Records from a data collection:
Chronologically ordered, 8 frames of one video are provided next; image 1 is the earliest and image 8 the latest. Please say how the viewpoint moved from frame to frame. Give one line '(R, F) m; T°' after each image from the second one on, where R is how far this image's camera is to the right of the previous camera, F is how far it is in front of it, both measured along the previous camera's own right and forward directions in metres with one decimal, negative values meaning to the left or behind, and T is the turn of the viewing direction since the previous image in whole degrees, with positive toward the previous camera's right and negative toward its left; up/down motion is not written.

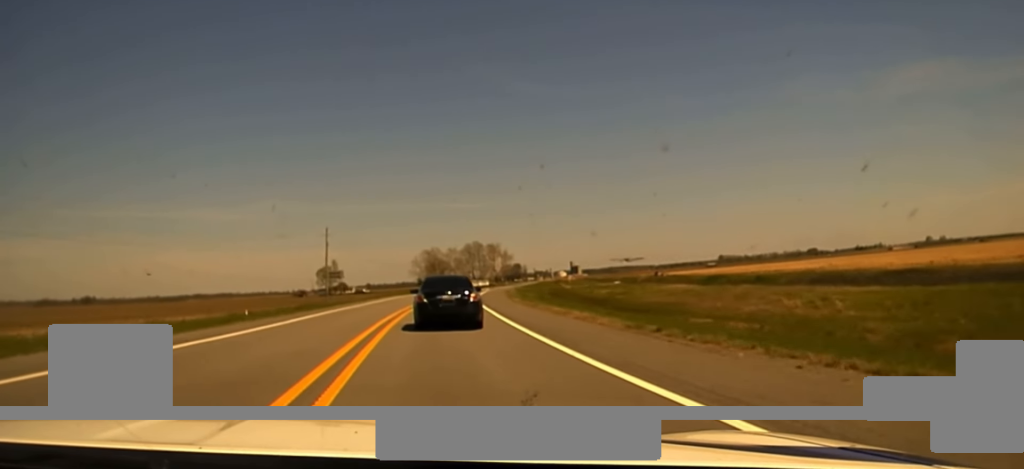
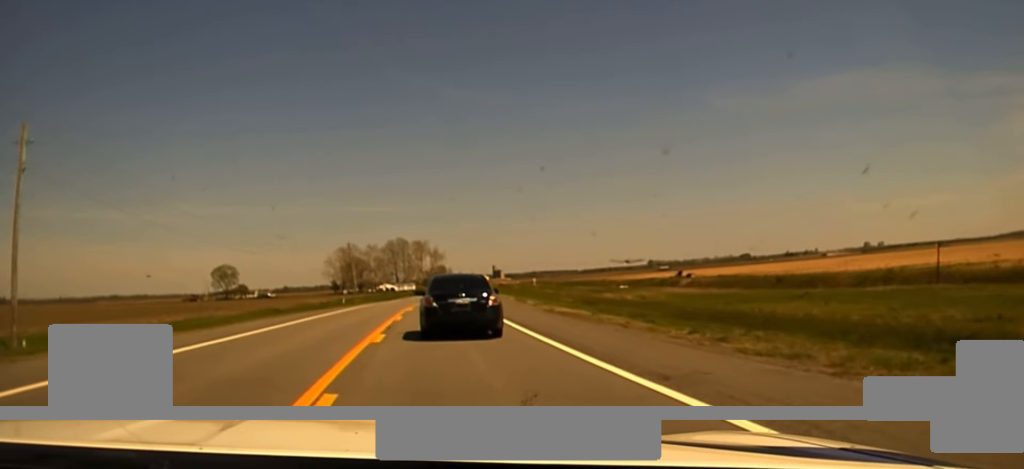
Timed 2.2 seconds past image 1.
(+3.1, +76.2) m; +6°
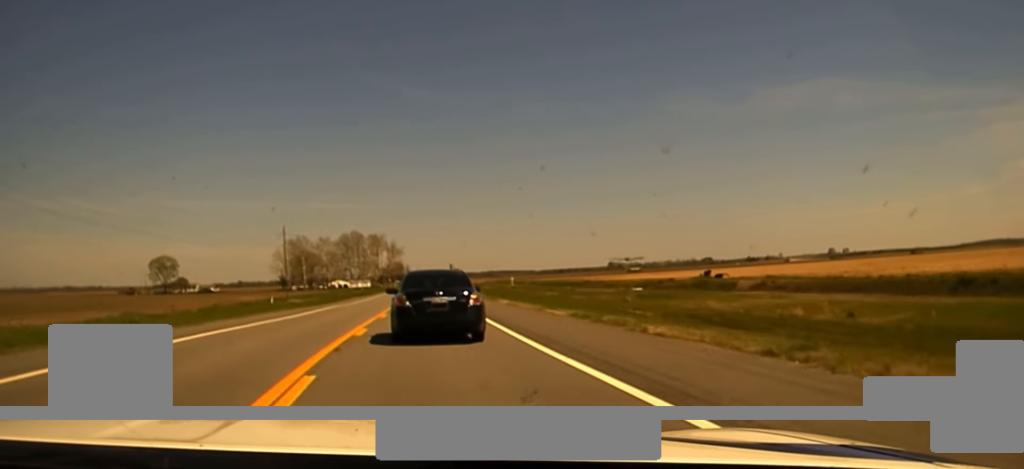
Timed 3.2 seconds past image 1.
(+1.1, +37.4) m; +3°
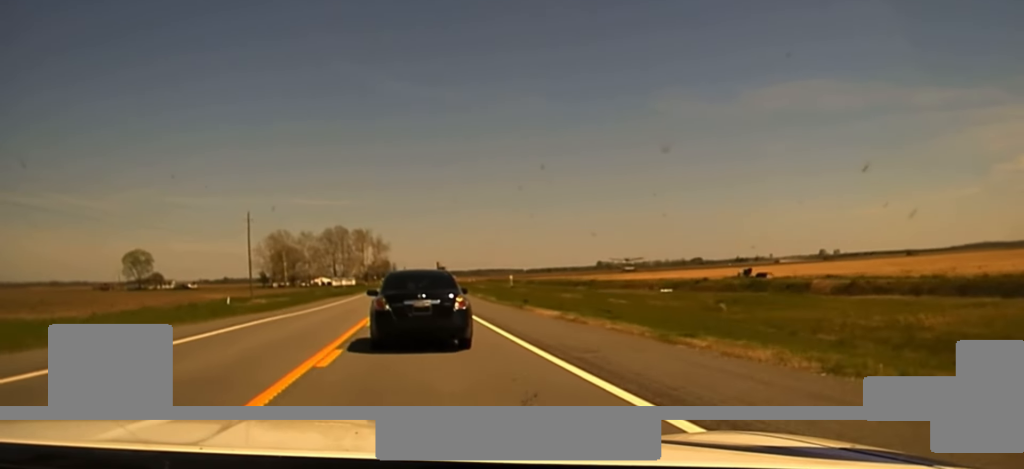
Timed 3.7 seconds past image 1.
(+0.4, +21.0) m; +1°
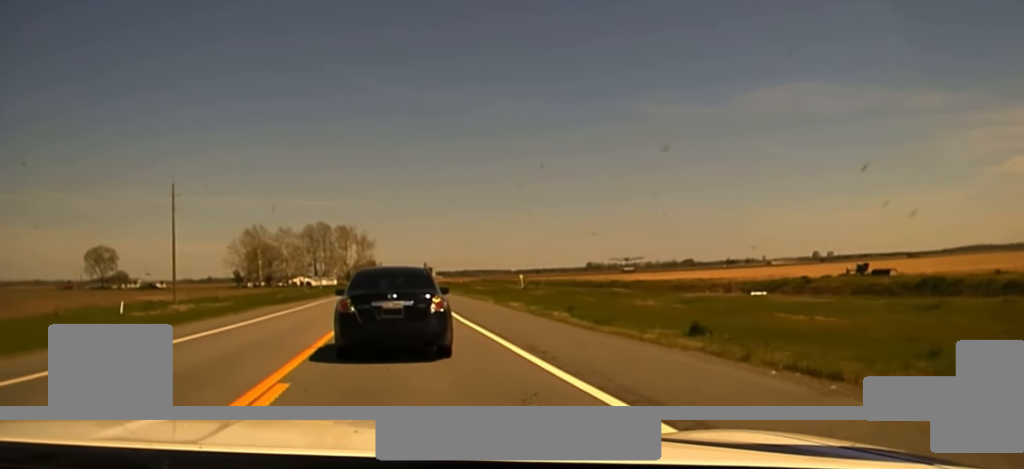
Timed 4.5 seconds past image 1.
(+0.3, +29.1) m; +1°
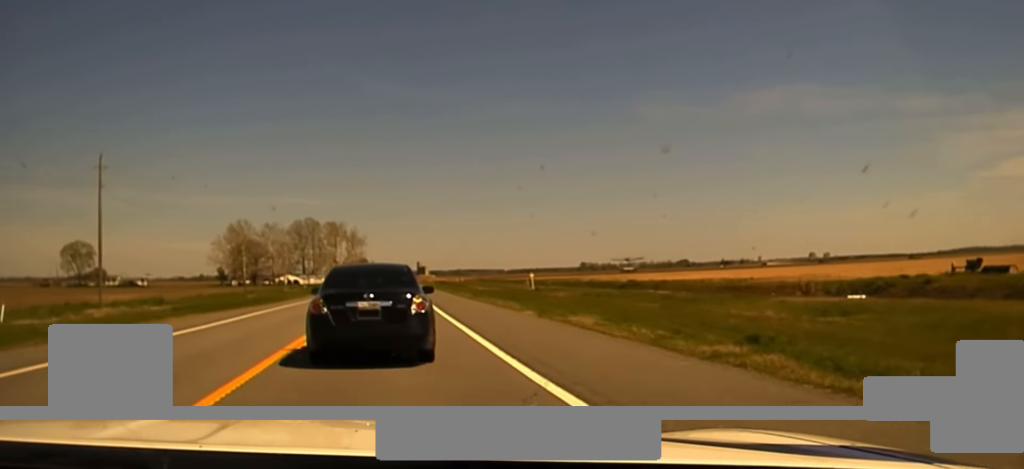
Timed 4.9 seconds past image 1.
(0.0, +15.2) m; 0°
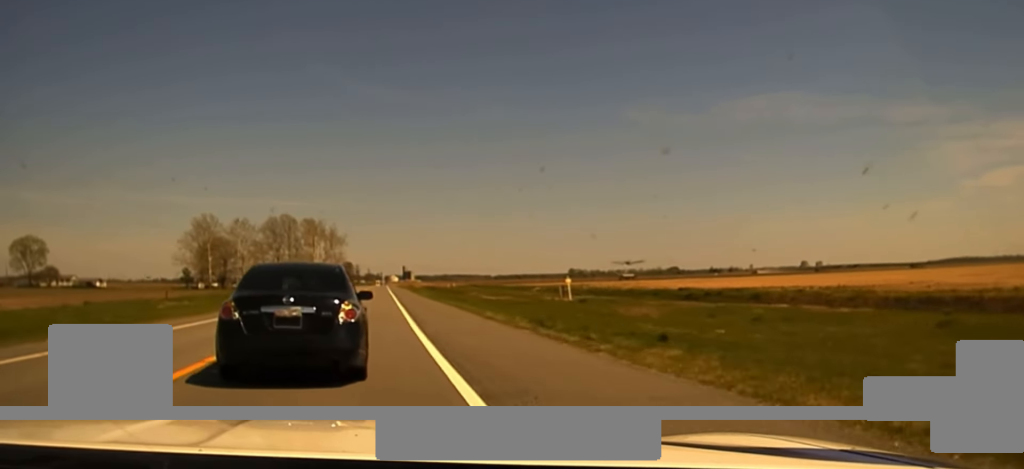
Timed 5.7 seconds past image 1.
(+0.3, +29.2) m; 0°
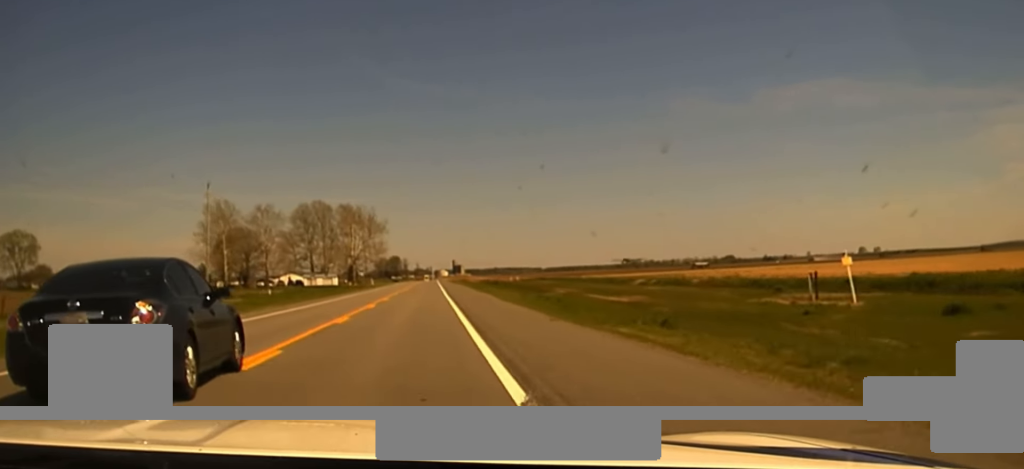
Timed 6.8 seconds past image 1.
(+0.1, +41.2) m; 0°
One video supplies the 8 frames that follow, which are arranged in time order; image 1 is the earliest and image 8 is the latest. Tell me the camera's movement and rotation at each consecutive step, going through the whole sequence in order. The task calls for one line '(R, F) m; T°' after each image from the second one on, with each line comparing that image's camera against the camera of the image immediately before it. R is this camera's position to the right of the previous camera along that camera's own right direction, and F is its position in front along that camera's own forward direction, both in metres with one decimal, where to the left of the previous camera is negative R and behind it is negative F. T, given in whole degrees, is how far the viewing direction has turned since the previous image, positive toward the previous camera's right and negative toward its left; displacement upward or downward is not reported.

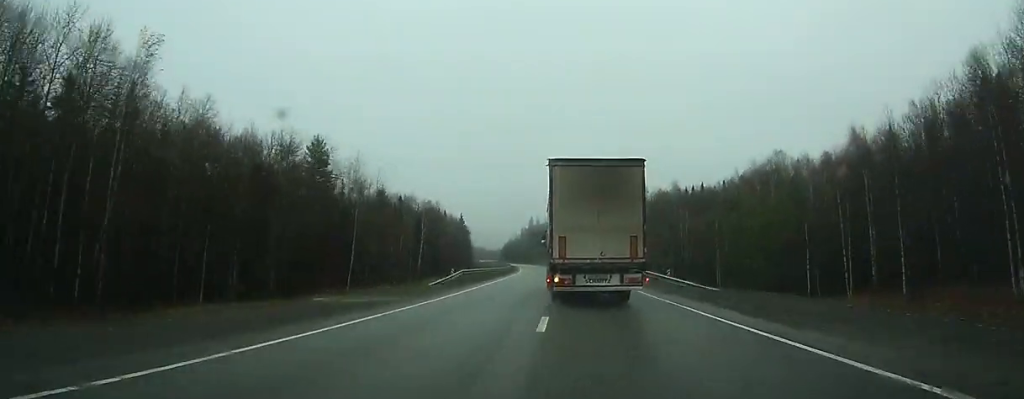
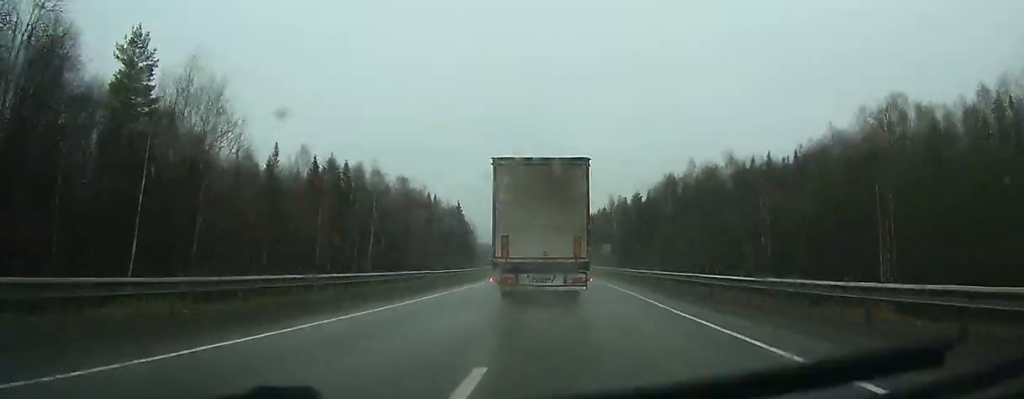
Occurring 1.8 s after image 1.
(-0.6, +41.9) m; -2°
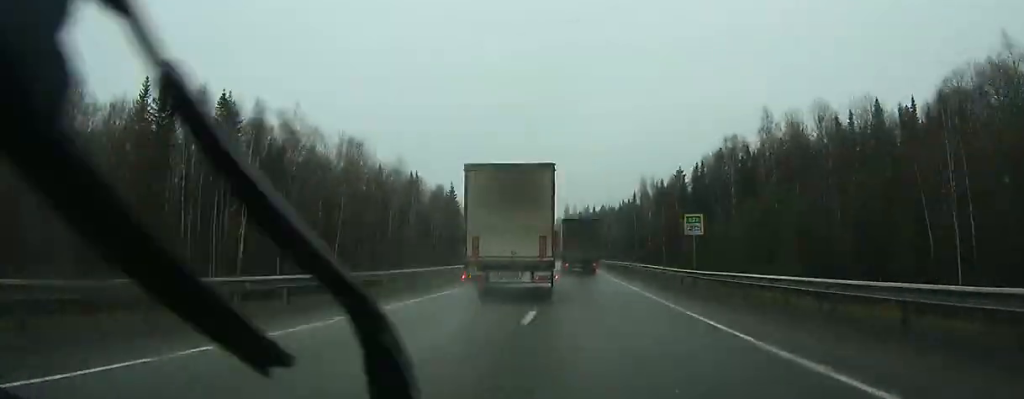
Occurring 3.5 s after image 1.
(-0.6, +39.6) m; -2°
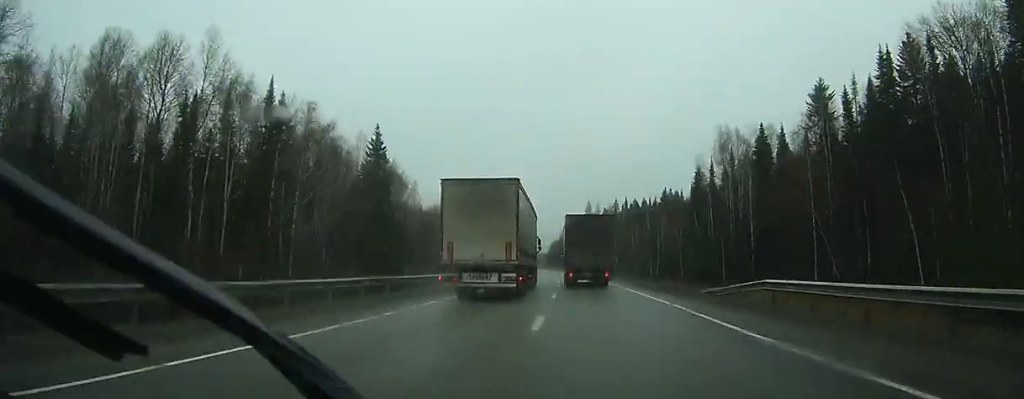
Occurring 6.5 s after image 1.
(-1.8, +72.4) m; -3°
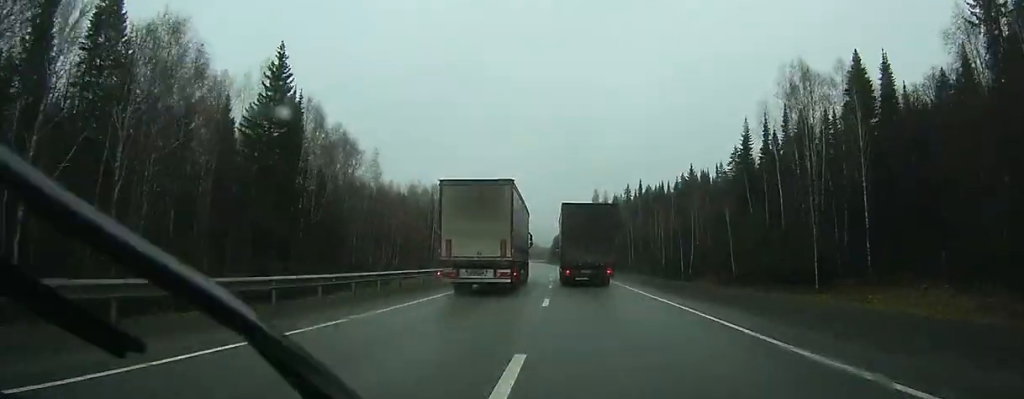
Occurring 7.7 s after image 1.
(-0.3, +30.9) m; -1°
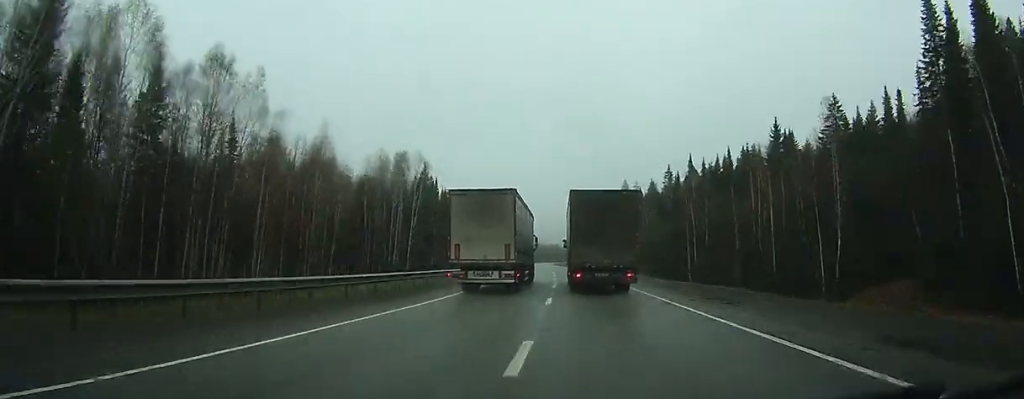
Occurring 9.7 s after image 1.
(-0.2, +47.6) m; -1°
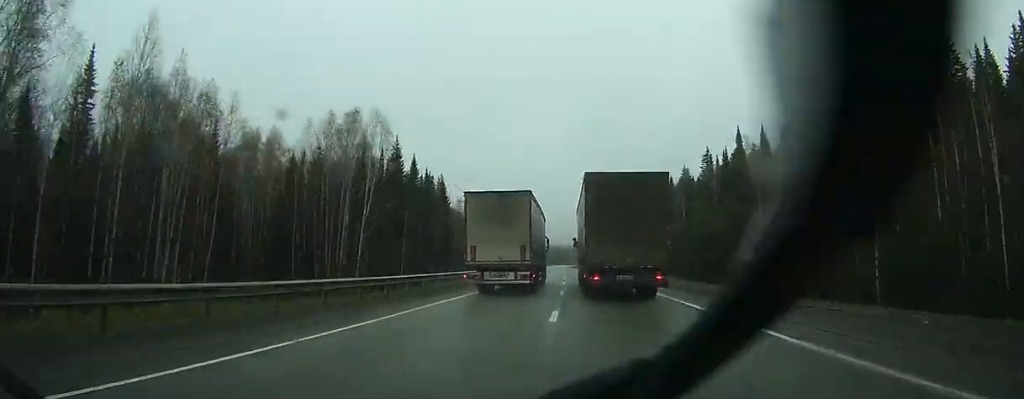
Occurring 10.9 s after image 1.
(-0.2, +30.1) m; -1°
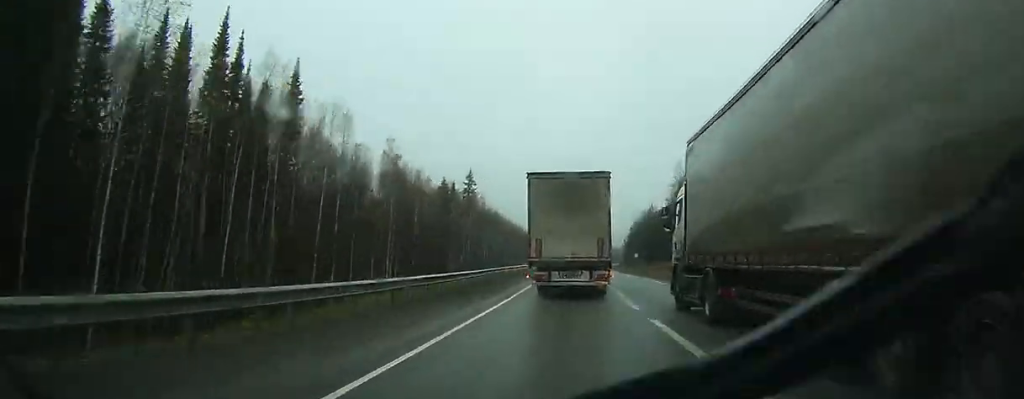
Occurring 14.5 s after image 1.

(PROMPT): Reproduce all entries exactly. Pictures do not belong in the copy.

(THE ANSWER):
Chronologically ordered, 8 frames of one video are provided next; image 1 is the earliest and image 8 the latest. Please say how the viewpoint moved from frame to frame. Give one line '(R, F) m; T°' after each image from the second one on, where R is how far this image's camera is to the right of the previous camera, F is how far it is in front of it, both measured along the previous camera's own right and forward directions in metres with one decimal, negative values meaning to the left or behind, and T is the turn of the viewing direction since the previous image in whole degrees, with positive toward the previous camera's right and negative toward its left; up/down motion is not written.

Timed 2.2 seconds past image 1.
(+3.1, +76.2) m; +6°
Timed 3.2 seconds past image 1.
(+1.1, +37.4) m; +3°
Timed 3.7 seconds past image 1.
(+0.4, +21.0) m; +1°
Timed 4.5 seconds past image 1.
(+0.3, +29.1) m; +1°
Timed 4.9 seconds past image 1.
(0.0, +15.2) m; 0°
Timed 5.7 seconds past image 1.
(+0.3, +29.2) m; 0°
Timed 6.8 seconds past image 1.
(+0.1, +41.2) m; 0°
One video supplies the 8 frames that follow, which are arranged in time order; image 1 is the earliest and image 8 is the latest. Tell me the camera's movement and rotation at each consecutive step, going through the whole sequence in order. The task calls for one line '(R, F) m; T°' after each image from the second one on, with each line comparing that image's camera against the camera of the image immediately before it. R is this camera's position to the right of the previous camera along that camera's own right direction, and F is its position in front along that camera's own forward direction, both in metres with one decimal, where to the left of the previous camera is negative R and behind it is negative F. T, given in whole degrees, is how far the viewing direction has turned since the previous image, positive toward the previous camera's right and negative toward its left; displacement upward or downward is not reported.

Occurring 1.8 s after image 1.
(-0.6, +41.9) m; -2°
Occurring 3.5 s after image 1.
(-0.6, +39.6) m; -2°
Occurring 6.5 s after image 1.
(-1.8, +72.4) m; -3°
Occurring 7.7 s after image 1.
(-0.3, +30.9) m; -1°
Occurring 9.7 s after image 1.
(-0.2, +47.6) m; -1°
Occurring 10.9 s after image 1.
(-0.2, +30.1) m; -1°
Occurring 14.5 s after image 1.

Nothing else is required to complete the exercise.